*** Opening of TASK INPUT ***

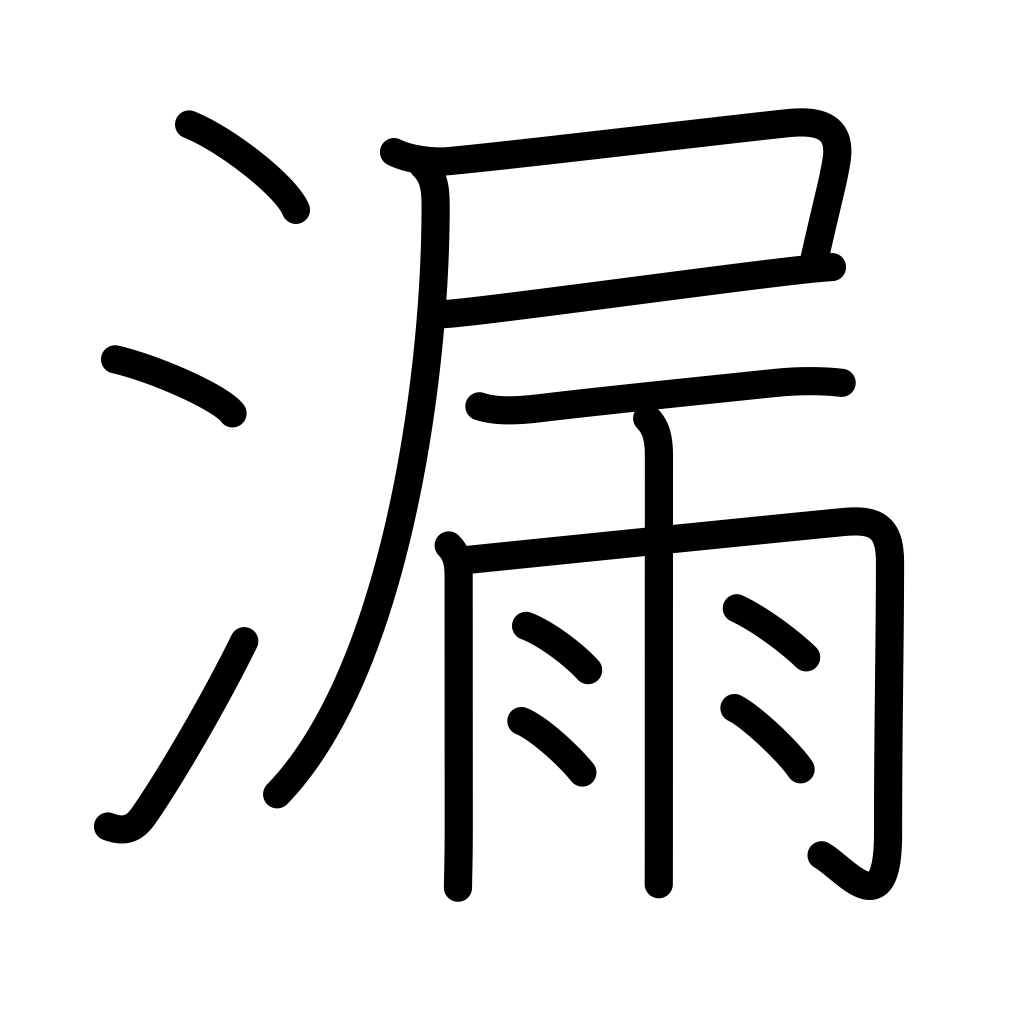
Meaning: leak, escape, time
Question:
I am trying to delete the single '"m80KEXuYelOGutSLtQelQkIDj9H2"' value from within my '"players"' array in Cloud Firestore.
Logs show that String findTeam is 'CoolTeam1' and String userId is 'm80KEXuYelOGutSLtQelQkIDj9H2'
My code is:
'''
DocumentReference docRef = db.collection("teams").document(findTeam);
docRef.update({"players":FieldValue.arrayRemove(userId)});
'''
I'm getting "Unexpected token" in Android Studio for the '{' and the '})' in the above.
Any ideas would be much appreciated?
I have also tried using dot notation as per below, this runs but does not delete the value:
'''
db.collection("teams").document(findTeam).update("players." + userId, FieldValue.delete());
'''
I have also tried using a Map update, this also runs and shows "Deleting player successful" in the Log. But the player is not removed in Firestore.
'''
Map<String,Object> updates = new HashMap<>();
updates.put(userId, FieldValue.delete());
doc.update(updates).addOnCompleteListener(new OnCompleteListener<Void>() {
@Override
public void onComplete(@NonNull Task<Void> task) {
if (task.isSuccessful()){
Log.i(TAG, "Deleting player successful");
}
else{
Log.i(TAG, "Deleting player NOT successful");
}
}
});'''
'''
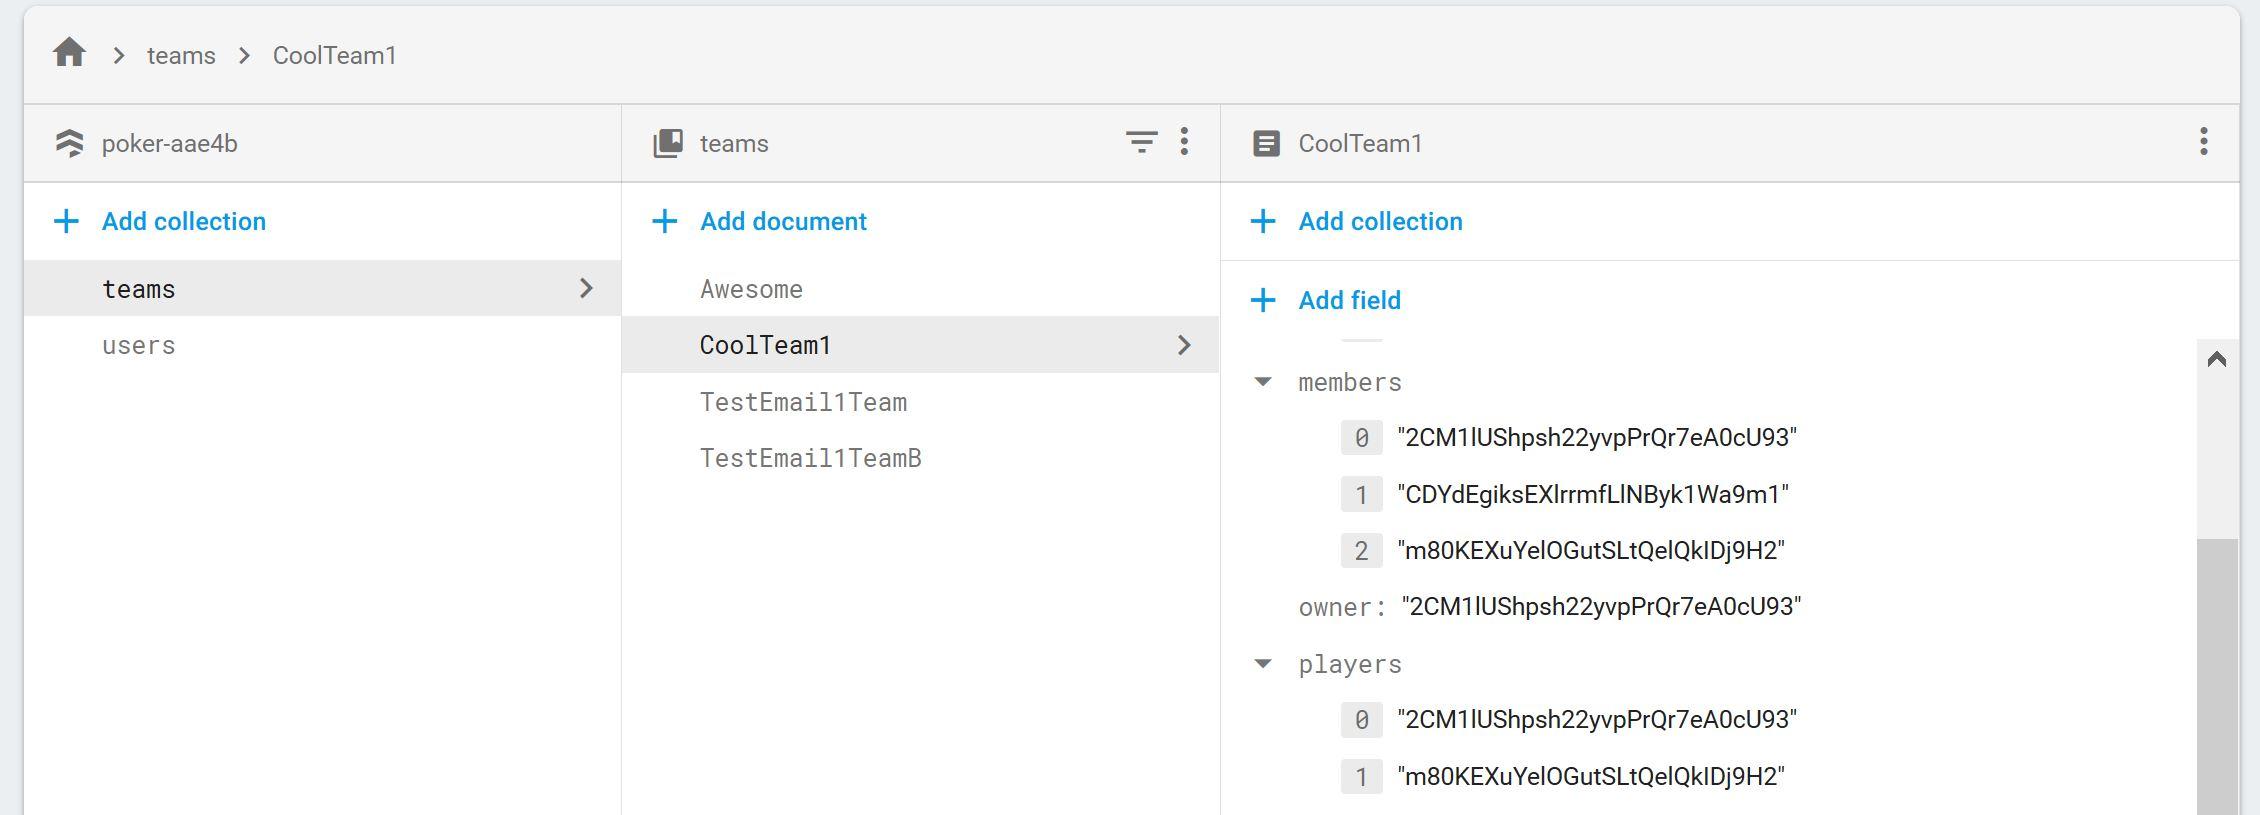
Answer: It looks like your first code sample with the curly braces is trying to use the JavaScript syntax for updating a document rather than the Java Android syntax. That's not going to work at all, obviously.
<URL>. Be sure to use the Java Android syntax.
Try this instead:
'''
db.collection("teams").document(findTeam).update("players",
FieldValue.arrayRemove(userId));
'''
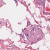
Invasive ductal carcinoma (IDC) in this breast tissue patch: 1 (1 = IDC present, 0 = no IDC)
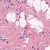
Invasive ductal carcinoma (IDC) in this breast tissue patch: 1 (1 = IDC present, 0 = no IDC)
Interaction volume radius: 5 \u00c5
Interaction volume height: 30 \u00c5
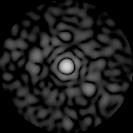
Disorder parameter: 0.8619
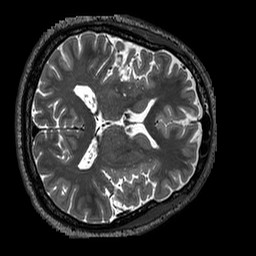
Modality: T2w
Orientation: axial
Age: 58
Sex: male
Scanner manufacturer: siemens
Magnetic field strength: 3 T
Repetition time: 3.2 s
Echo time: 0.567 s
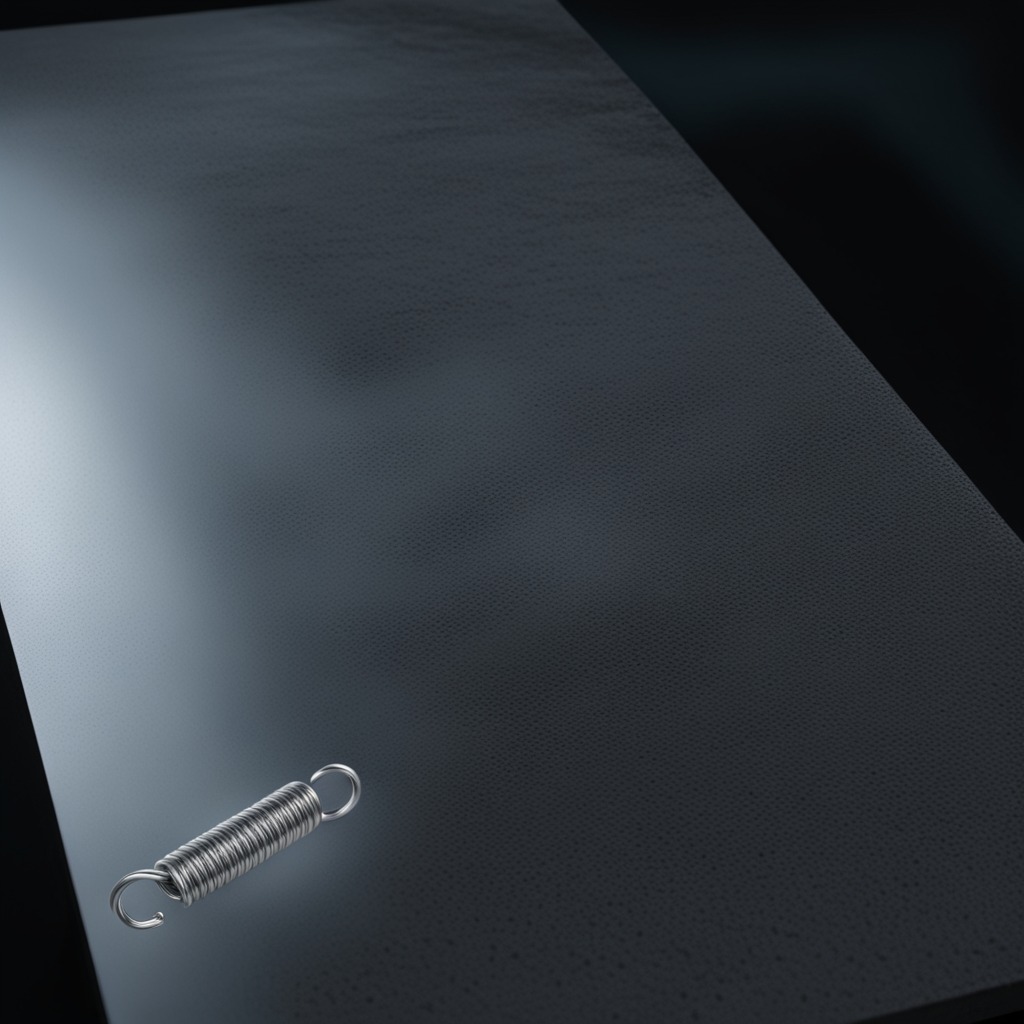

*** Close of TASK INPUT ***

_EXERCISE GOAL_
Please copy the lines exactly, beginning at the one containing "Orientation: axial" and ending at the last line of the records above, both included, with the pictures left out.

_ANSWER_
Orientation: axial
Age: 58
Sex: male
Scanner manufacturer: siemens
Magnetic field strength: 3 T
Repetition time: 3.2 s
Echo time: 0.567 s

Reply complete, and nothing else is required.